We are witnessing the beginning of a new era, marked by a weakening of the principles of international law and the international order established after the Second World War—principles of which the organisations based in Geneva are both the incarnation and the symbol. This erosion is linked to the resurgence of national ambitions and imperial impulses, including within the free world, as illustrated by recent developments in the United States. We are also witnessing a decline in commitment to the principles of the rule of law.
Many political forces, including in democratic states, now believe it possible to strip democracy of the principles of the rule of law without undermining the universal values we share. In a world where imperial ambitions and sometimes predatory aims are re-emerging—whether economic, commercial or military—the role of multilateral organisations is therefore decisive. It is all the more so because peace cannot be maintained if force supplants law everywhere.
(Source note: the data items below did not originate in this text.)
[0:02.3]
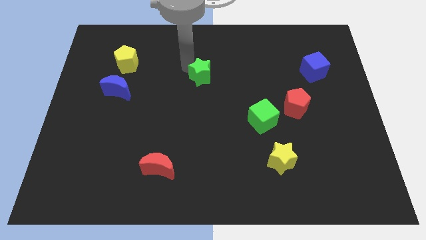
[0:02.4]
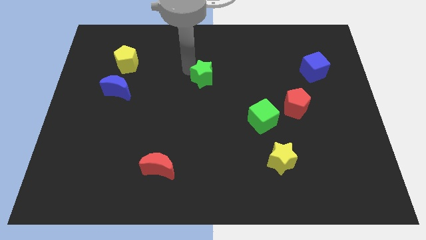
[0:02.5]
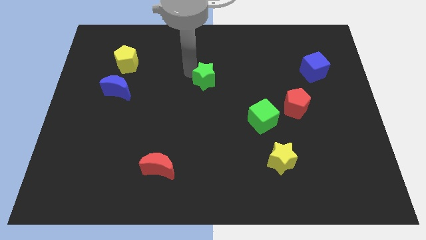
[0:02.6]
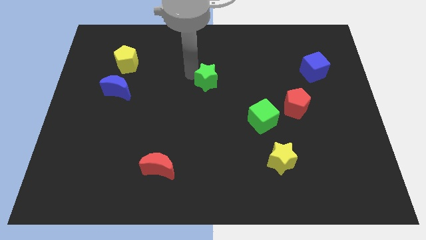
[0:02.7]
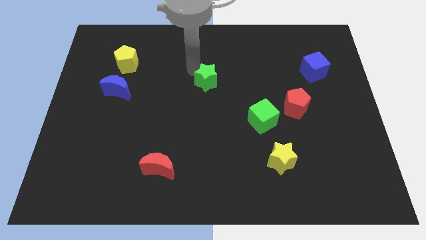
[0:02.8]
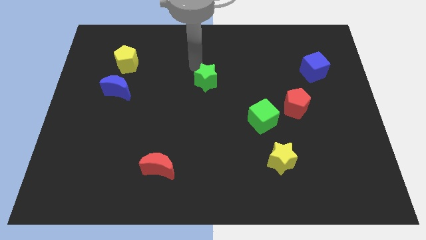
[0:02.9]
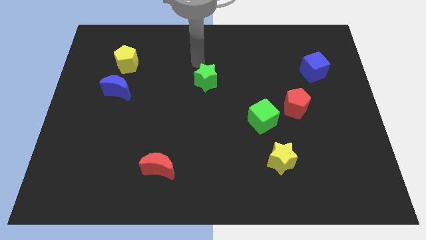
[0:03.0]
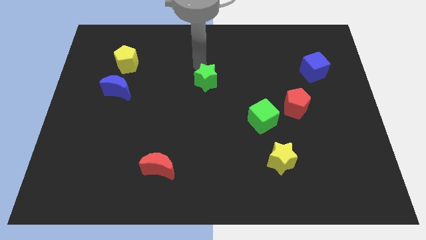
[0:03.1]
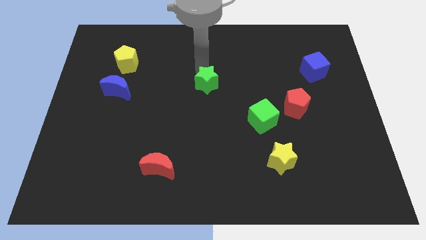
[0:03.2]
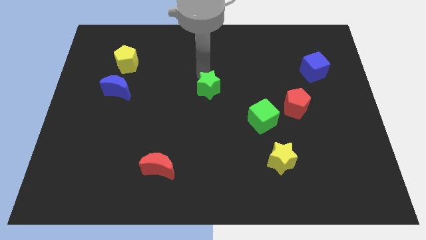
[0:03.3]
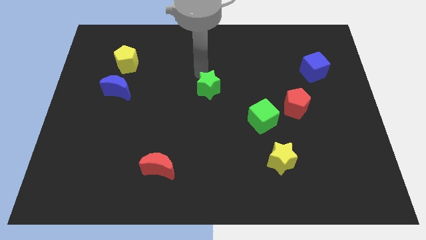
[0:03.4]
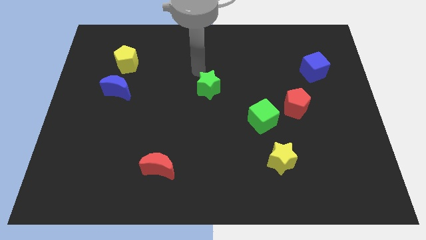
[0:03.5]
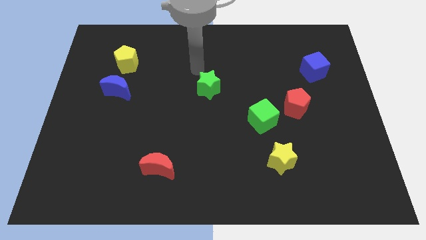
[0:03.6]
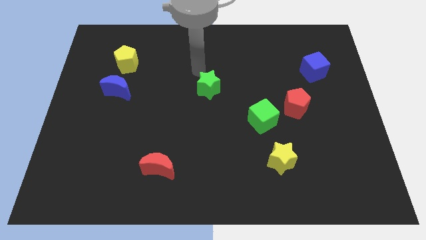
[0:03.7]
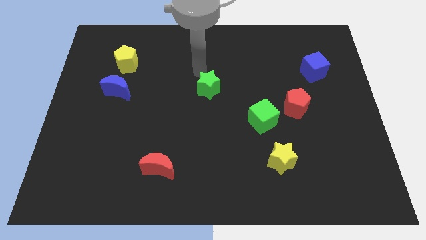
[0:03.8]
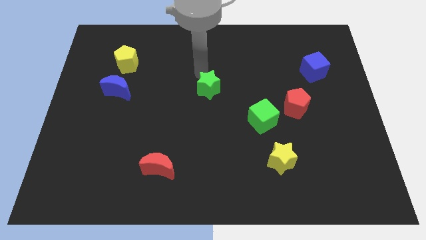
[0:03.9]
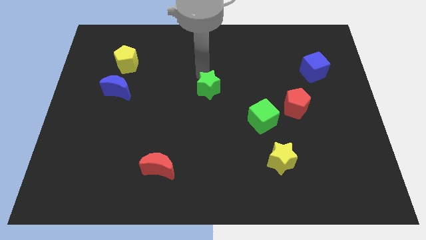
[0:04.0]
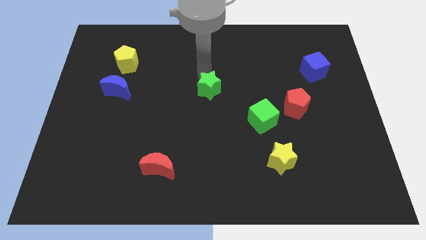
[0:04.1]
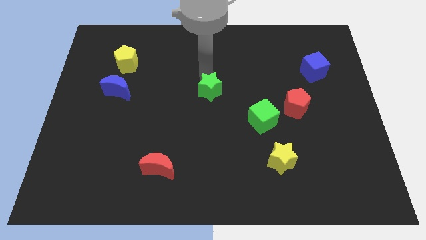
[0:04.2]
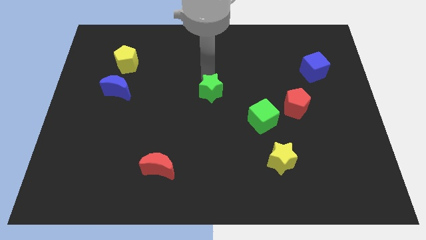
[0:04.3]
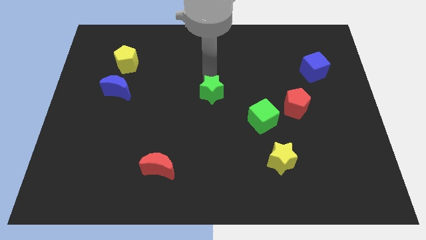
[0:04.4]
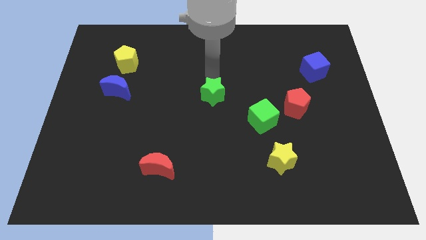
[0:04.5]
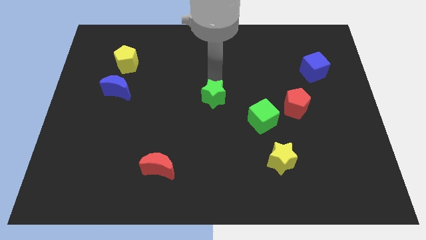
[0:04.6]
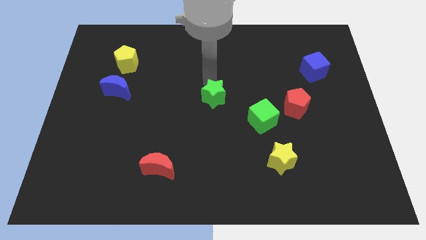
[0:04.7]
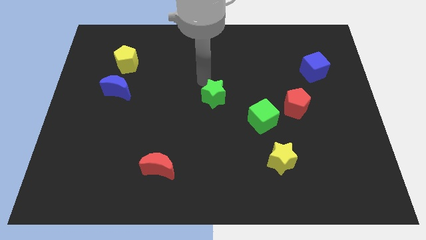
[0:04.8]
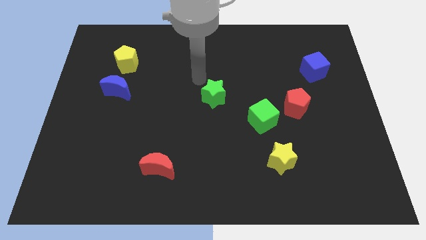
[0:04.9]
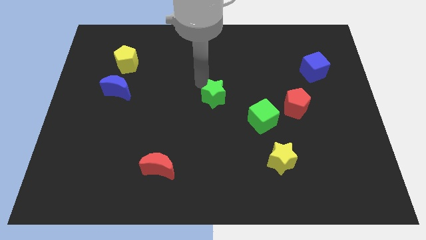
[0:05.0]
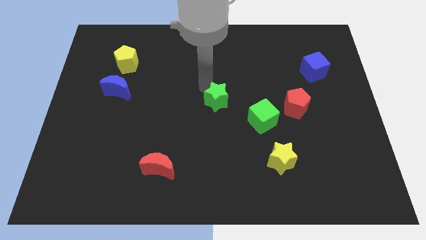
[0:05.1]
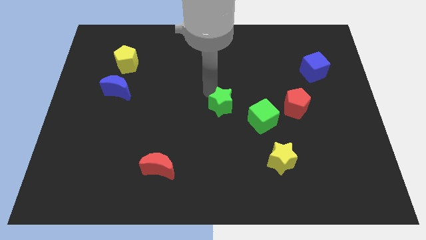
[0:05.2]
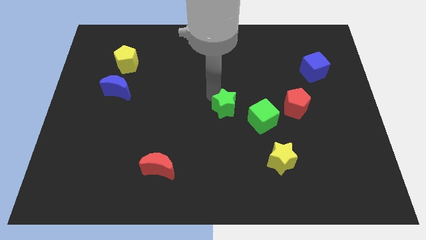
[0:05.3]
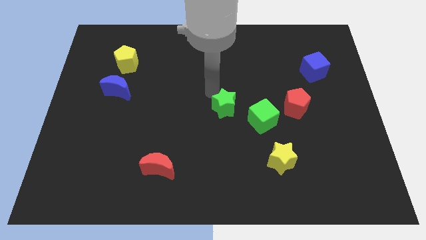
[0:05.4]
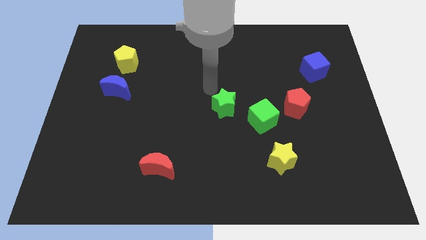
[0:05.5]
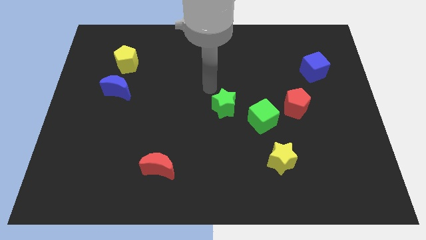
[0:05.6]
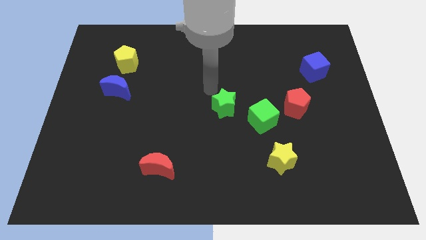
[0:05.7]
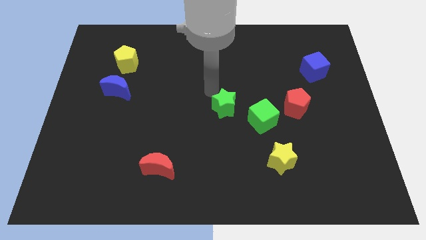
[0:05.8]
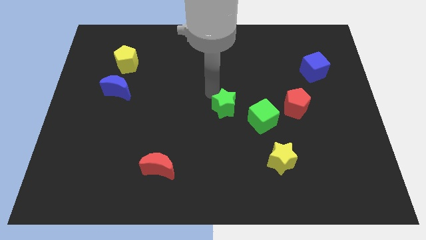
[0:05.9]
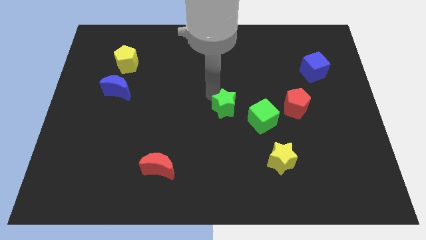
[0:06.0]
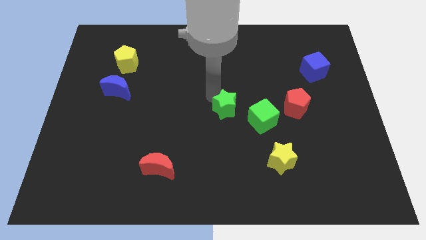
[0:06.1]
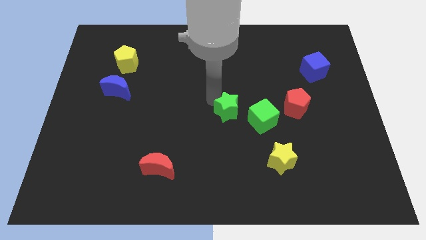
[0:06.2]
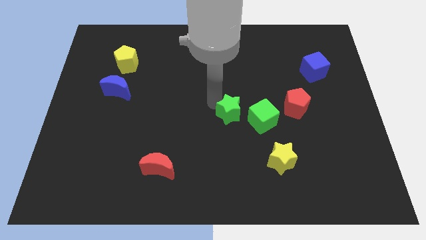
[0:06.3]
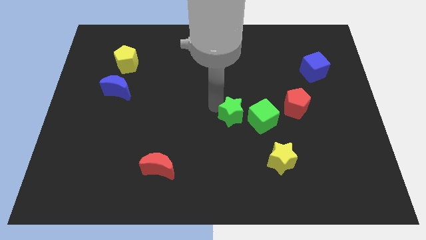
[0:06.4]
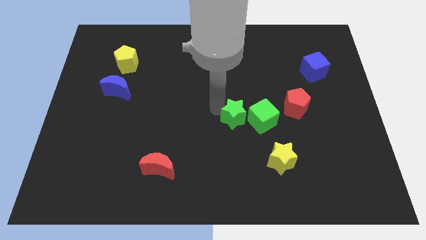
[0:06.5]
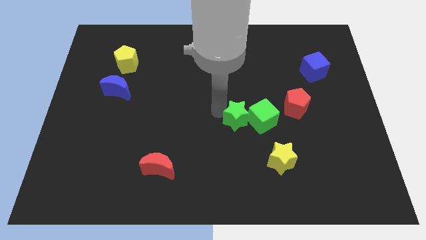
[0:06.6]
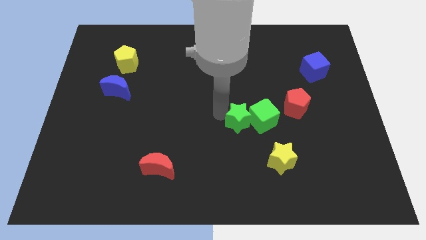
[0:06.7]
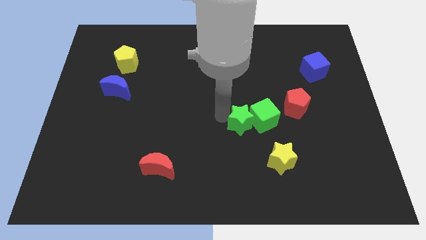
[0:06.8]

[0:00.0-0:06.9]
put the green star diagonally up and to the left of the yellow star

Is it still possible to draw clear distinctions between terrorism, organised crime, and hybrid state strategies, or have these boundaries become porous?
These boundaries have been porous for a long time. We observed, particularly during the deadliest attacks of 2014–2016, close links between terrorist organisations and international criminal networks. Certain non-terrorist criminal activities have contributed to financing terrorist operations. The mass killings committed in Europe were made possible by access to weapons often recycled from the Balkan wars and sold to terrorists by criminal arms-trafficking networks.
This is why I worked actively within the European Union to secure adoption of a European directive against arms trafficking—something that was finally achieved following the Bataclan, Stade de France and Paris terrace attacks. Similarly, strengthened cooperation within Eurojust and Europol made it possible to fight more effectively against these criminal and mafia networks.
Based on your experience, what was the most difficult moment in managing the terrorist threat at the highest level of the State?
Every moment was difficult. The attacks, which caused so many deaths, profoundly traumatised public opinion and plunged the nation into mourning. These were terrible periods, both for the French people and for those who bore responsibility within the state apparatus. We were engaged in a true race against time, constantly reinforcing the budgetary and legislative resources available to security and intelligence forces, while respecting the principles of the rule of law. Each attack was lived as a failure by those responsible for protecting the French people, and as an ordeal for the entire nation.
In your view, what mistakes must be avoided in the years to come?
The governments that led the countries of the European Union—including France—did their best, in my view, to combat terrorism. We quickly grasped the nature of Islamism: a totalitarian ideology whose first victims were Muslims themselves, and which committed atrocious crimes to impose a social order radically opposed to democratic principles.
We acted without naïveté to fight and eradicate this ideology and the threat it carried. I was fortunate, during my time as Minister of the Interior, to act in a relatively consensual political climate, where political forces—both on the right and on the left—demonstrated responsibility and prevented the country from descending into confrontation.
Finally, what message would you address to young Europeans facing these challenges of security and freedom?
I would tell them that everything done for security is not done at the expense of freedom. Those who commit terrorist acts seek precisely to push us to renounce our freedoms, because they know that such a renunciation would create extreme tensions and weaken our ability to live together. Whatever trials lie ahead, we must always preserve the fragile bond that unites freedom and security, with a shared ambition to safeguard and deepen democracy, fraternity, and respect for others. Security guarantees freedom—and freedom must remain the foremost concern of those entrusted with ensuring the security of our citizens, because the true purpose of security policy is to allow each person to remain free.